A child is a person under the age of 18 years. With respect to matters notifiable to FACS, a child is defined as a person under 16 years.
Young Person: a person is aged 16 or 17 years.
An employee is defined as any person who is engaged by the Archdiocese of Sydney Catholic systemic schools, whether or not they are employed in connection with work or activities that relate to children in a paid or volunteer capacity; as well as any person engaged by SCS to provide services to children and young people. This includes: contracted staff, such as special transport drivers, cleaners and maintenance contractors; sub-contracted staff, such as canteen managers; trainees, such as those on student placement or work experience; clergy visiting schools; and volunteers, such as parent helpers. Any reference to employee in this policy encompasses all categories outlined above.
Civil Standard of Proof
The matter is considered sustained if the investigator is satisfied that the case has been proved on the balance of probabilities.
For matters that require reporting to the NSW Ombudsman Office, the final report comprises a copy of the investigation file. The file is forwarded to the Ombudsman, who has oversight of the agency’s process. The Ombudsman will review the file and advise SCS whether or not it is satisfied with the process prior to closing the matter. SCS will inform the employee when the Ombudsman closes its file.
Findings are made on each complaint at the conclusion of the process. The NSW Ombudsman and Office of Children’s Guardian Guidelines provide headings for findings of investigations within its jurisdiction and SCS relies upon these (see relevant fact sheet for details). Matters not in that jurisdiction rely on commonly used industry-relevant terminology.
Findings of matters managed at school level are determined by the Principal in consultation with SCS staff. Findings of matters managed by SCS are determined by the relevant SCS staff in consultation with the Team Leader: Child Protection.
Head of Agency
The Archbishop of Sydney is deemed to be the Head of Agency, as per Part 3A of the Ombudsman Act 1974 (NSW), for Sydney systemic schools. The Head of Agency may delegate certain responsibilities for oversight to the Executive Director of Sydney Catholic Schools.
For the purposes of this document, a complaint or allegation is considered to be any issue raised regarding the conduct of an employee of SCS in relation to children or young people, where such conduct is considered to be of a nature which may constitute reportable conduct in accordance with the Ombudsman Act 1974 (NSW).
- child or young person subject of the complaint is interviewed and relevant parent consent obtained
- employee given reasonable notice of complaint
- other witnesses interviewed
- relevant documents, e-communications or other items of evidence are obtained
- full details of allegation put to the employee who is the subject of the complaint
- the employee is given full details of the complaint in writing, with a support person present, and given an opportunity to respond (in writing and/or in person).
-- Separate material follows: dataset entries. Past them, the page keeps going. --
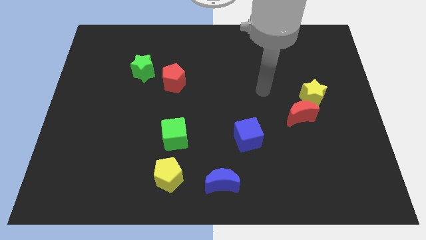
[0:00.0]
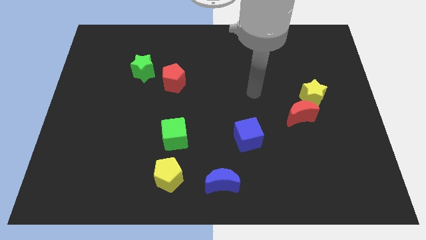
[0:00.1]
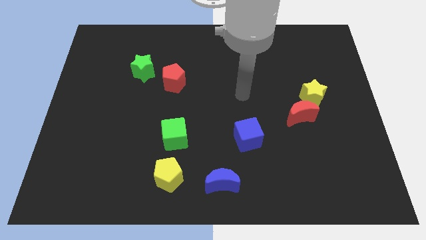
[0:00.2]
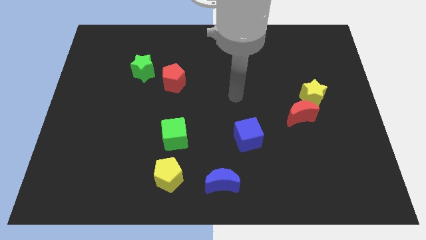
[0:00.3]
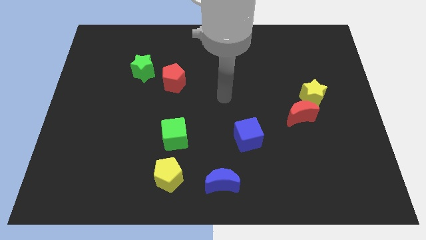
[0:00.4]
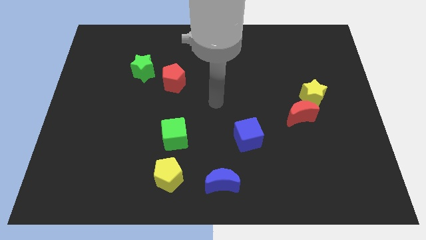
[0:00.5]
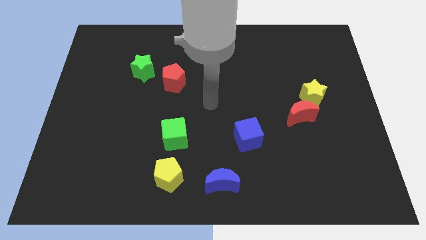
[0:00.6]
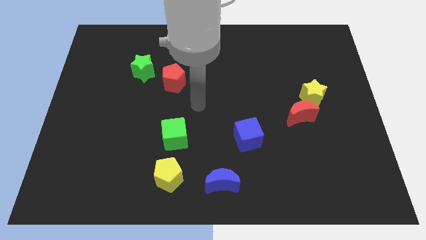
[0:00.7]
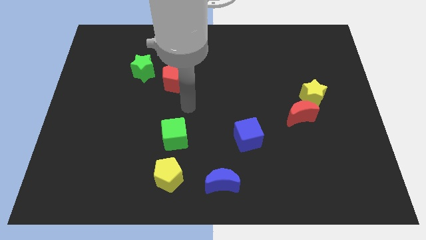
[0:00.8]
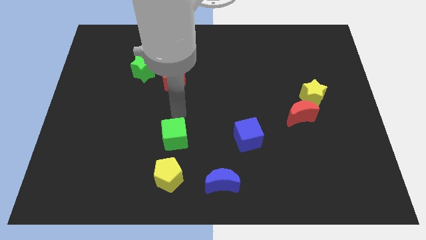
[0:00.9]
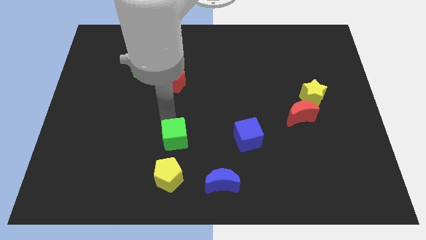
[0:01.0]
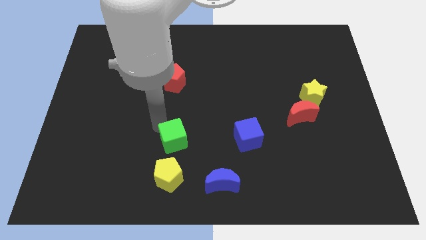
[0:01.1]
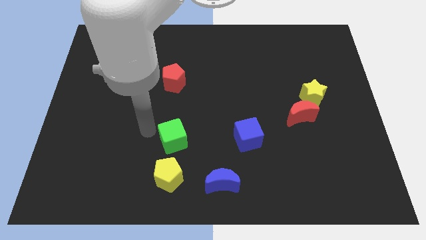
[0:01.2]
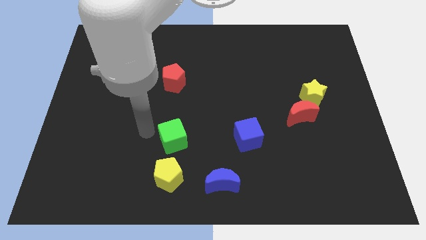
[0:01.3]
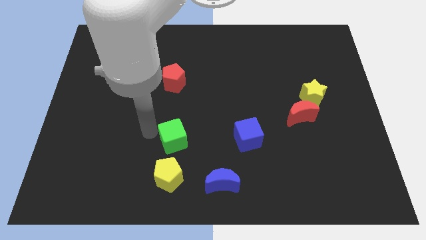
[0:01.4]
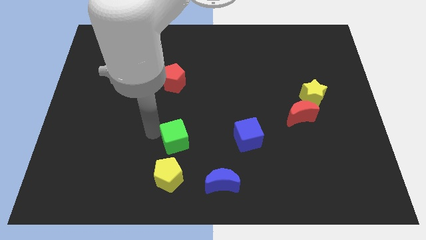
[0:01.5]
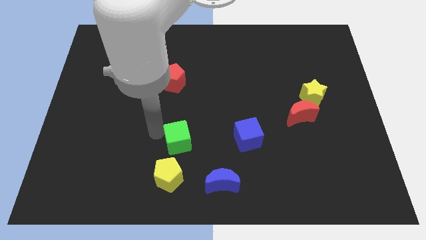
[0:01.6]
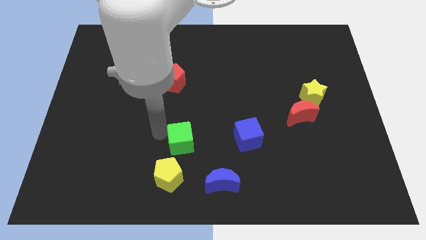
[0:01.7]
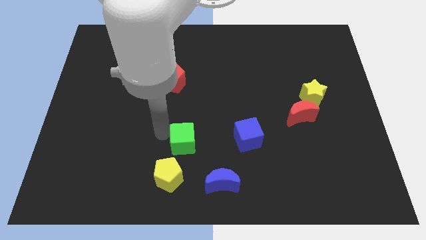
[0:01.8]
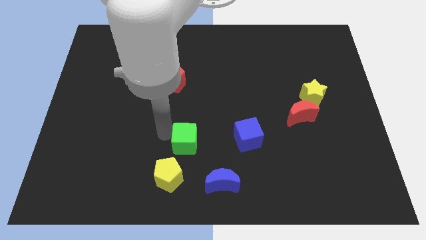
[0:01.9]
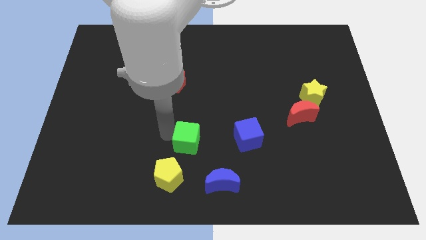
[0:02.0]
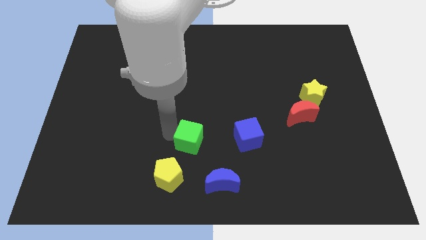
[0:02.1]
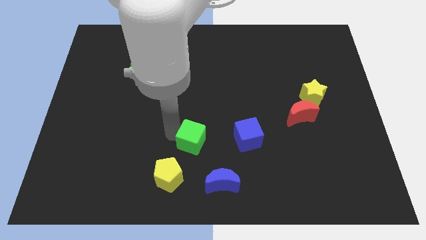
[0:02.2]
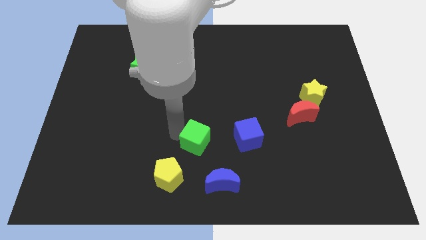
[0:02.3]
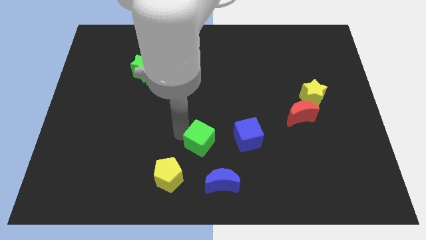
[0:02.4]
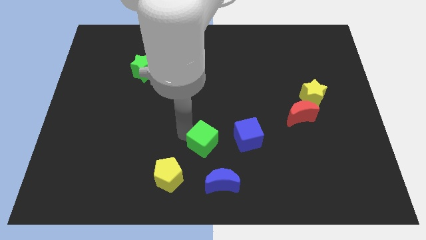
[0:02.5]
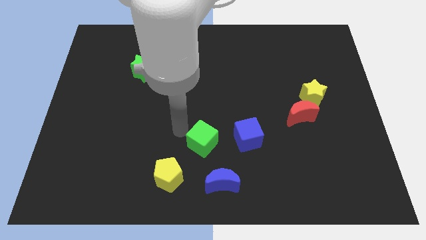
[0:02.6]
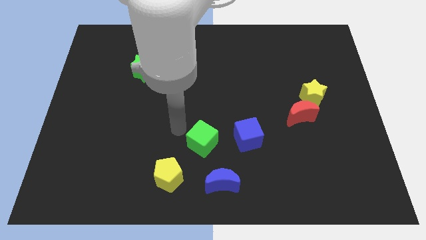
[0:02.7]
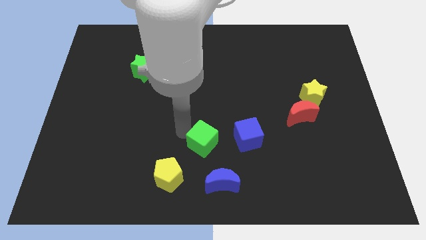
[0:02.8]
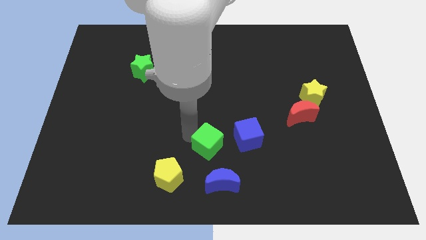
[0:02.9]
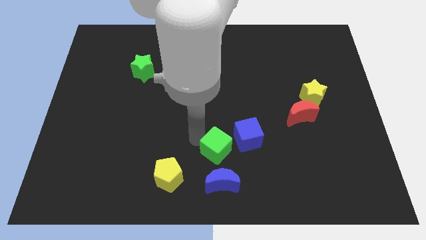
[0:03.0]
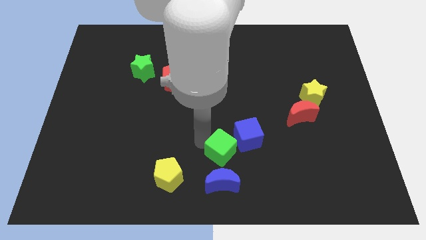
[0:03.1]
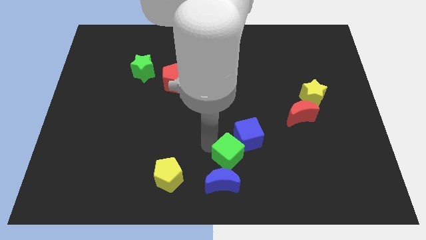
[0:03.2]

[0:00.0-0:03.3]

A ‘reportable allegation’ means an allegation of reportable conduct against a person, or an allegation of misconduct that may involve reportable conduct as defined by the Ombudsman Act 1974 (NSW). A reportable allegation must be reported to the Ombudsman and may result in an employee’s name being forwarded to the NSW Office of Children’s Guardian following a relevant completed employment proceeding.
In accordance with the Ombudsman Act 1974 (NSW), reportable conduct is defined as:
- any sexual offence or sexual misconduct committed against, with, or in the presence of a child (including child pornography offences)
- any assault, ill-treatment, or neglect of a child
- any behaviour that causes psychological harm to a child
- whether or not, in any case, with the consent of the child.
An exempt allegation
Reportable conduct does not extend to:
- conduct that is reasonable for the purposes of the discipline, management or care of children, having regard to the age, maturity, health or other characteristics of the child, and to any relevant codes of conduct or professional standards (Code of Professional Conduct)
- the use of physical force that is trivial and negligible, but only if the matter is to be investigated and the result of the investigation recorded under workplace employment procedures
- conduct of a class or kind exempted from being reportable conduct by the Ombudsman under 25C (4) of the Ombudsman Act 1974 (NSW). Examples of this include allegations of physical assault, insofar as they fit specific criteria for children in different age groups and there is no alleged harm or injury to the child.
Note: matters not requiring a report to the NSW Ombudsman must still be recorded, investigated and an appropriate finding made.